Feeling Coerced Into Psychiatric Care

Editor’s Note: This article previously appeared in a different format as part of The Atlantic’s Notes section, retired in 2021.

This next reader had a horrible time as an inpatient, and her feelings ranged from lonely boredom to the fear of sexual assault:

I can’t tell if the timing of Eva’s letter is great or awful for me, because I’ve been in an inpatient psych ward twice in my life—and due to various circumstances, I recently began to wonder if I’ll soon be forced into a third. Eva mentions that her experiences have been a mixed bag, and I guess I’d categorize my experiences similarly, overall. But the negative moments have been so horrendous that more than once I’ve caught myself thinking it’s not worth saving my life if I have to be trapped in one of those places again.

I’ve only been in psychiatric wards in the U.S., and they’re pretty uneventful. The most notable thing about them is the widespread boredom. Sure, there are group therapy sessions and arts and crafts and meals, but all of those occupy at most 30 percent of the time. The rest of the day I spent lying in bed, staring at the ceiling and crying, or sitting in the community room watching whatever soap opera was on TV that day. You were not allowed access to any electronics—not even a cheap MP3 player to help soothe yourself—for the entire stay, and there were no locks on any of the interior doors.

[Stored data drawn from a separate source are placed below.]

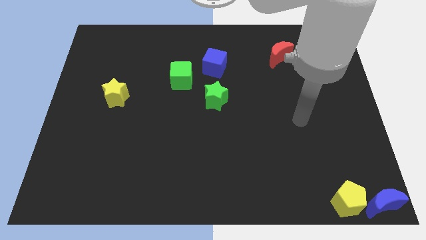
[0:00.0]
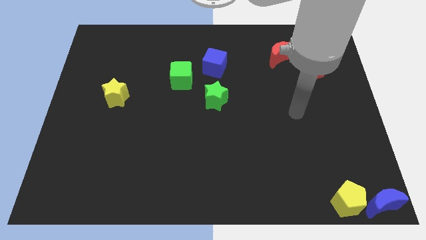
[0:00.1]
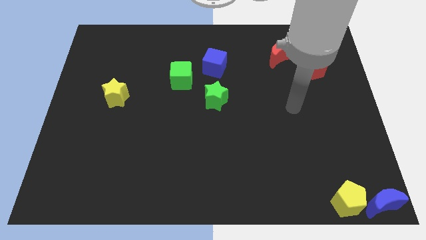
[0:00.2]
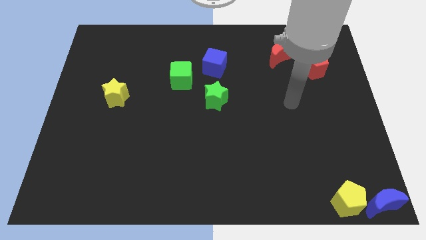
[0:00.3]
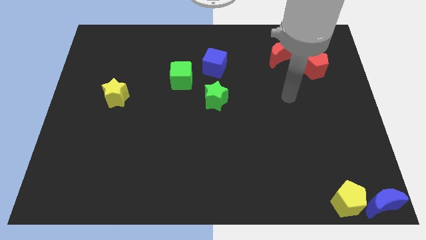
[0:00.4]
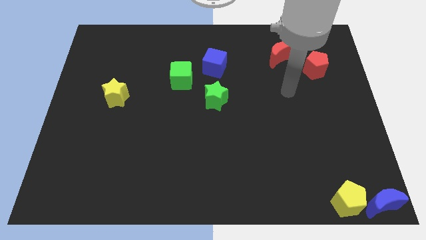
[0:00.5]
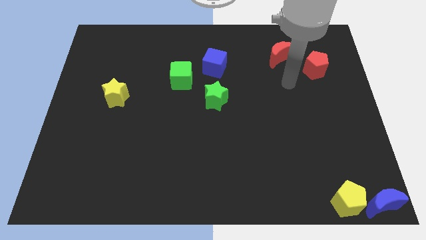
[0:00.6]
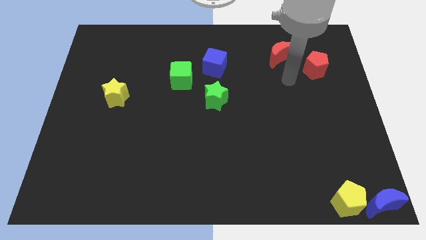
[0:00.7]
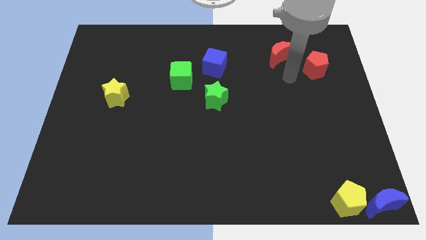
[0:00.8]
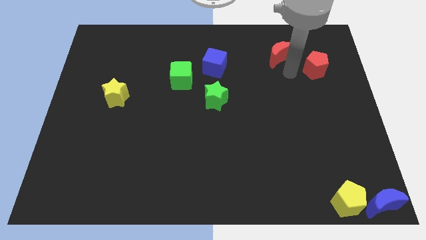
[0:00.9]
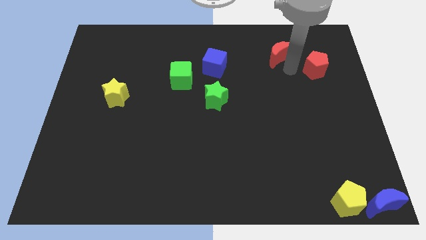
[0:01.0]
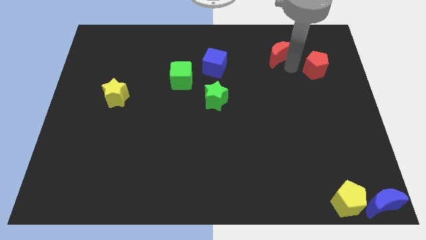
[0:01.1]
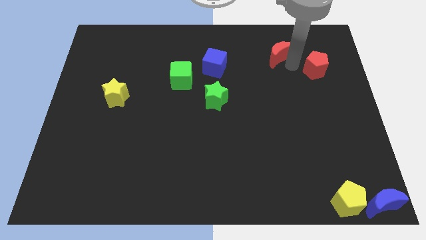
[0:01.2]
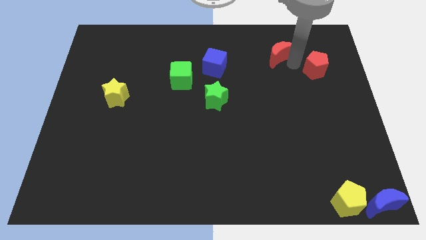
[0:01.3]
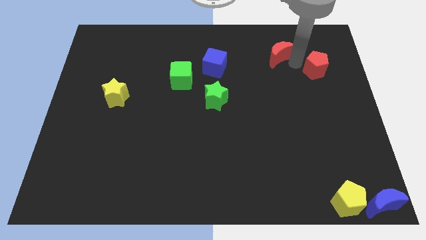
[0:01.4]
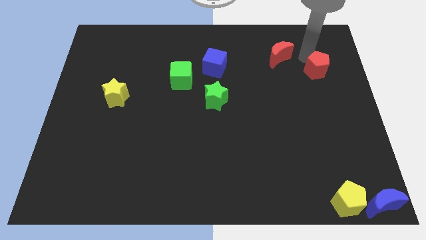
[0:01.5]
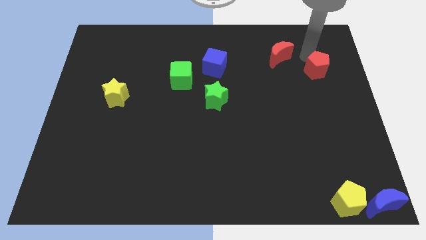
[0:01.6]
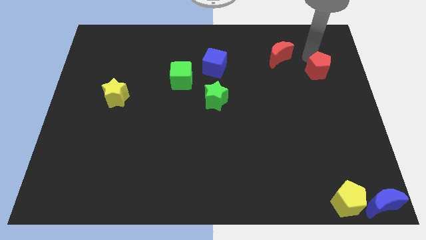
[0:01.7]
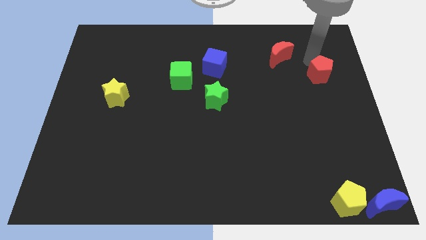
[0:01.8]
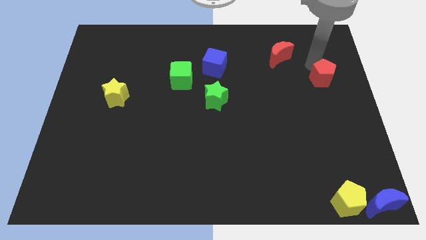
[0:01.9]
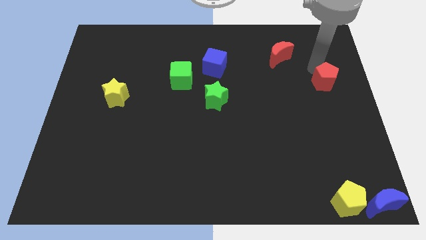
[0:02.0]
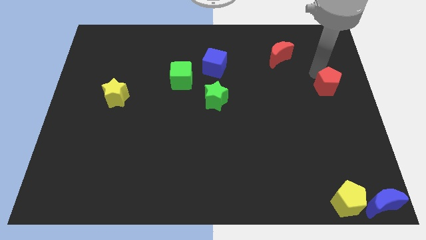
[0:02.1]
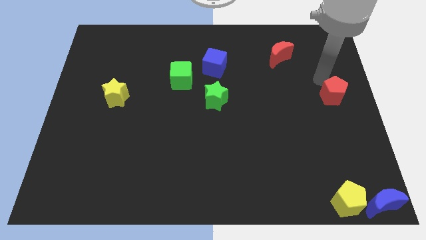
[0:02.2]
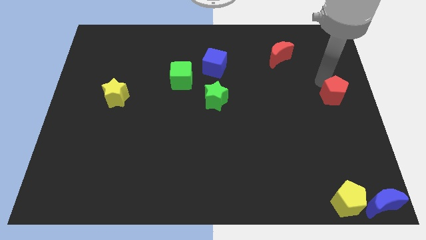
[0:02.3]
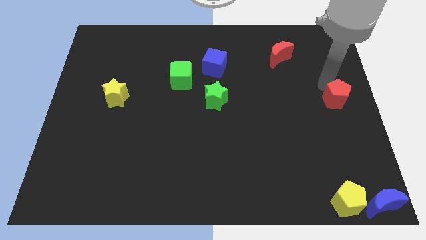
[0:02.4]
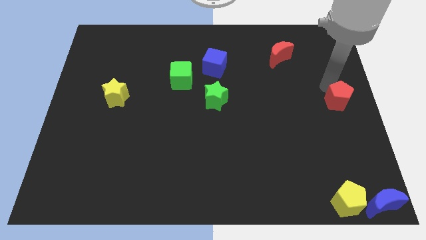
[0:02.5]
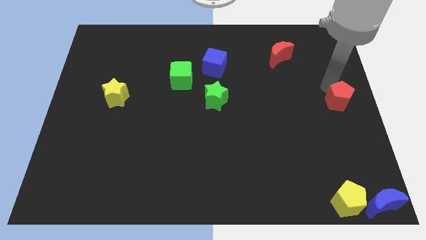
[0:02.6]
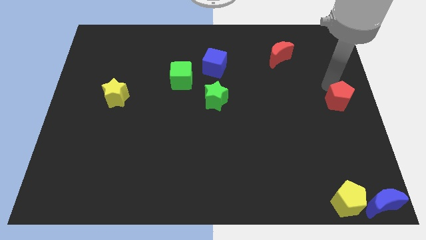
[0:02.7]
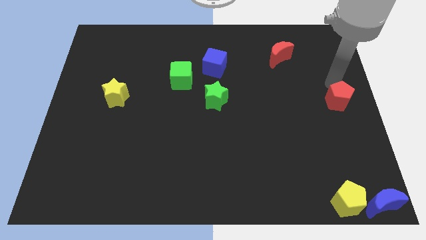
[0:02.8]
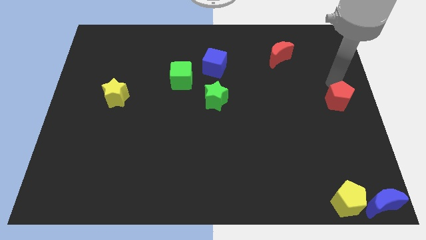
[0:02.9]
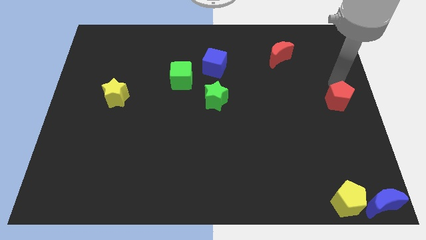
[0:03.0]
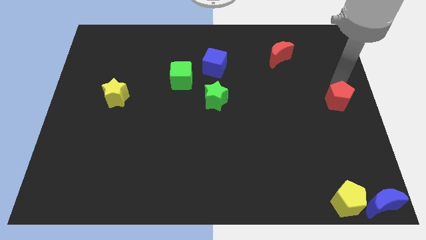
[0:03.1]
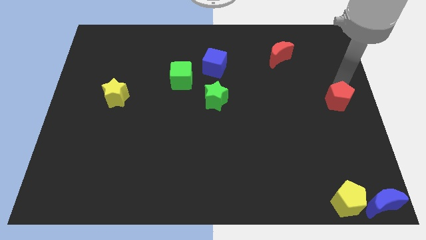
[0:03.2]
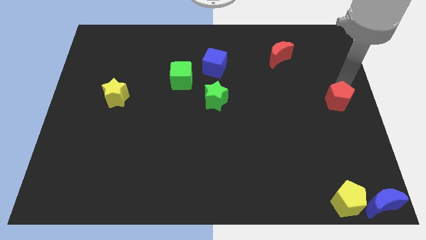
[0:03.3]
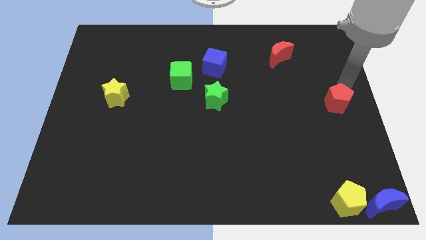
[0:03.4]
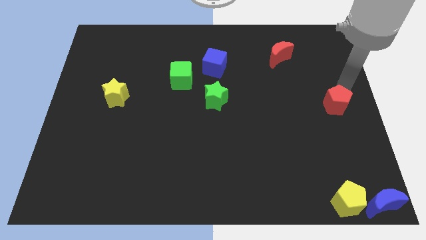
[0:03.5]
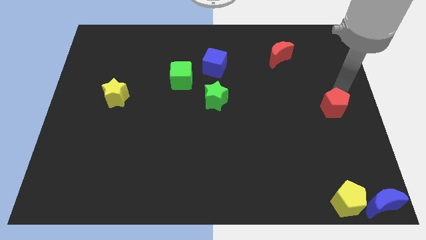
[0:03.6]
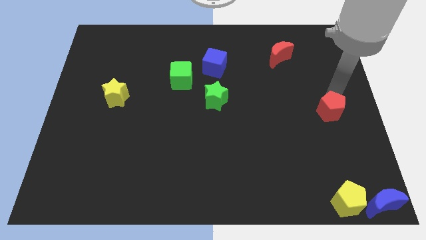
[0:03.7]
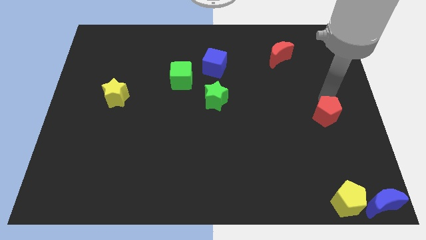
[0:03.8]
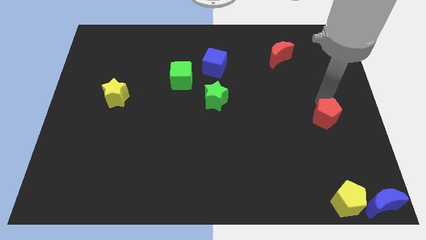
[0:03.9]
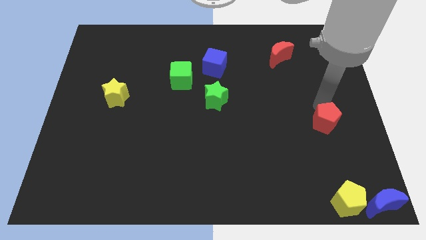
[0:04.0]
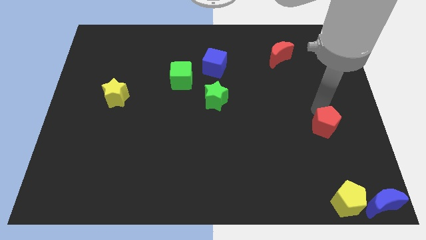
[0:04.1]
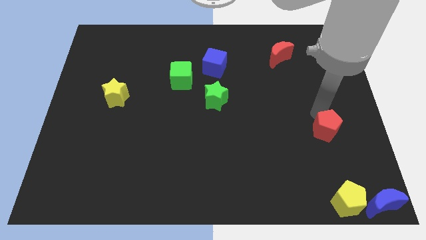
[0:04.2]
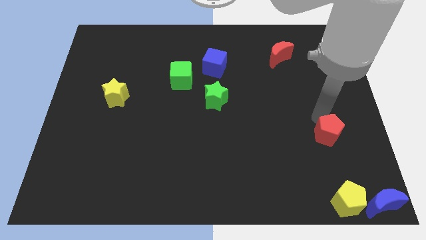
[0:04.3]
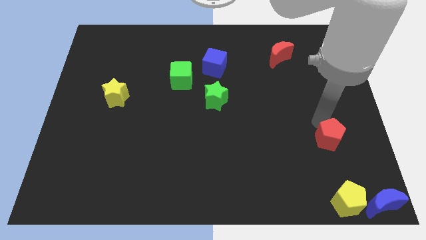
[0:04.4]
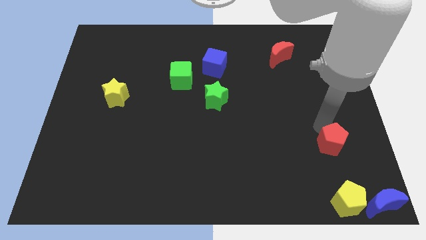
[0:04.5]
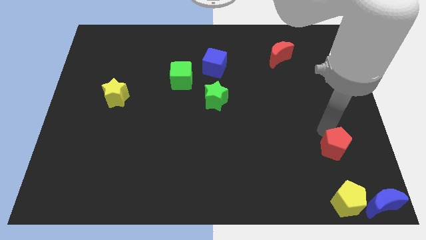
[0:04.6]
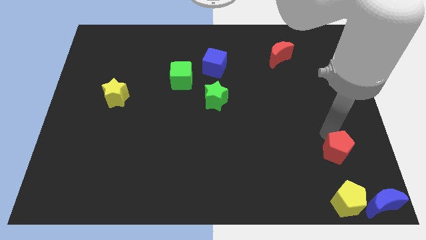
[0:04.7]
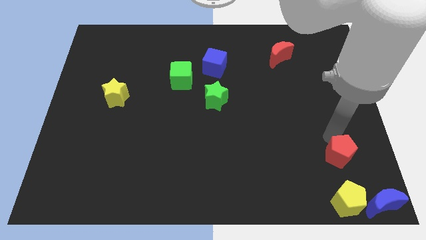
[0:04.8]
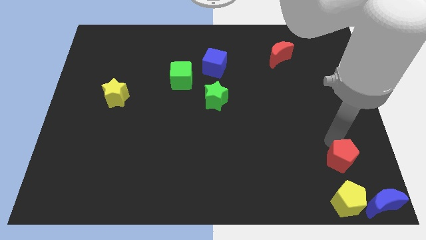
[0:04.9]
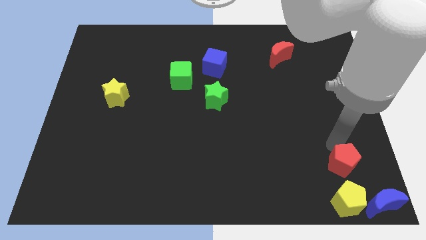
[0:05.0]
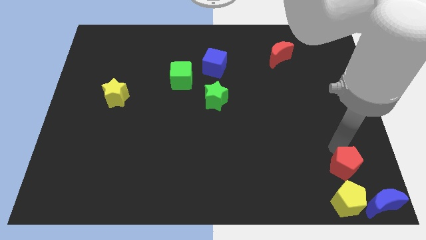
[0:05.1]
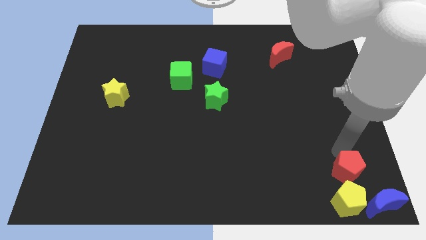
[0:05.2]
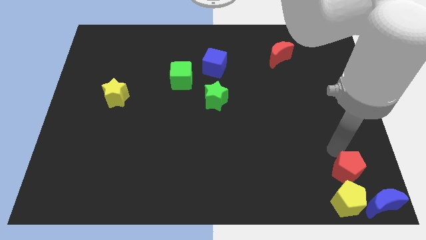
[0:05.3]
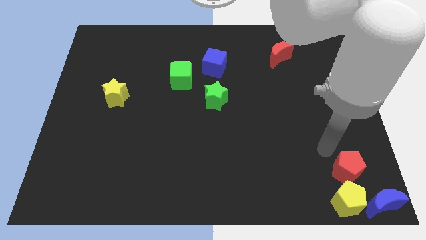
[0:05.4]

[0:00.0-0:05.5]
slide the red pentagon close to the top side of the yellow pentagon

The other inpatients were rather benign. (The only issue I had in that regard was an older man who either seemed to want to be my drug dealer or my sugar daddy, I’m still not sure which. Maybe both.) What elevated dull hospital stays into “Never Again” is the widespread incompetence and cruelty of the doctors who “recommended” my hospitalization and controlled my fate once I was there.


The first time I was an inpatient I was 16. I had been depressed since I was 11, and my illness had recently progressed into self-harm with scissors. When my psychiatrist found out, he forbade me from cutting myself and threatened hospitalization. Of course, because I was 16, I agreed out loud but in my head told him to go screw himself. I kept cutting.

At my followup appointment a couple weeks later, he asked me if I was still doing it. I didn’t take his threat seriously, so I admitted, yes, I had. He gave this long, exaggerated sigh and said he had no choice: He had to admit me to a psych hospital.

In Michigan, where I live, involuntary psych hospitalizations, even for minors, can only be administered by a court if the patient is an immediate threat to themselves or others [more details here]. I was not suicidal at the time, but my psychiatrist found a loophole: He said I could refuse to admit myself to a hospital, but if I did, he would call social services and have me removed from my home. And oh, he says, looking at the clock on the wall, “You need to make a decision quickly, because I have another patient in 20 minutes.” His reaction to seeing a 16-year-old girl in so much pain that she felt compelled to hurt herself was to rip her from the only sense of safety she had left.

So my parents admitted me to the hospital, where I stayed a week. When I had my intake exam, the nurse tutted, “These scars are nothing”—but they kept me anyway. For the first two days, I slept fully clothed and didn’t shower, out of fear that one of the random men coming to check on me in the middle of the night would assault me.

While I was there, the doctor on-call adjusted my medication. “How are you feeling?” she asked me the next morning. When I said I was just as miserable, she actually seemed confused, but anti-depressants take weeks to work. If even the doctors didn’t know that, why the hell was I even here?

The one bright spot came when a nurse took pity on me and showed me her clipboard. She let me know that someone was always watching us, and that they kept track of whether we took part in group therapy, whether we talked to other patients, whether we ate and how much. She said that little checklist was how they determined who had to stay and who got to go. She didn’t say it in so many words, but the subtext was clear: Fake it. So that’s what I did.

During my final interview with the on-staff psychiatrist, he asked me if I thought I’d ever cut again. And like a seasoned pro, I said, “No, because I don’t want to end up here again.” He smiled and nodded his head. “Good,” he said. “That’s why the doctor put you here in the first place.” That one statement was so repulsive to me—wasn’t the point of psychiatric care to heal people, not just scare them into compliance?—that I promised I’d never go back. That I would be so selective of what I shared with everyone, but especially medical professionals, that they’d have no reason to suggest it.


Four years later, the mask slipped, but my therapist pointed out that because I was an adult and the stay would be voluntary, I could leave at any time. I fell for it, only to arrive at a hospital where they said if I decided to leave, they’d just send me to another hospital that had no illusion of choice at all, and that hospital could keep me as long as it wanted.

I am not against inpatient hospitalizations, either voluntary or involuntary, in theory. But in practice, I can say with complete certainty that they have done far more harm to me than good.

Update from our reader, responding to my thanks for sharing such a personal and powerful story:

You’re welcome. I always feel a bit uneasy about sharing my negative experiences because I don’t want to outright discourage someone seeking help, but informed consent is important. Not all intervention is good intervention.

Another slap in the face I forgot to mention: being coerced into the hospital, having it not work, and having my parents get a bill in the mail for over $2000. Fun times.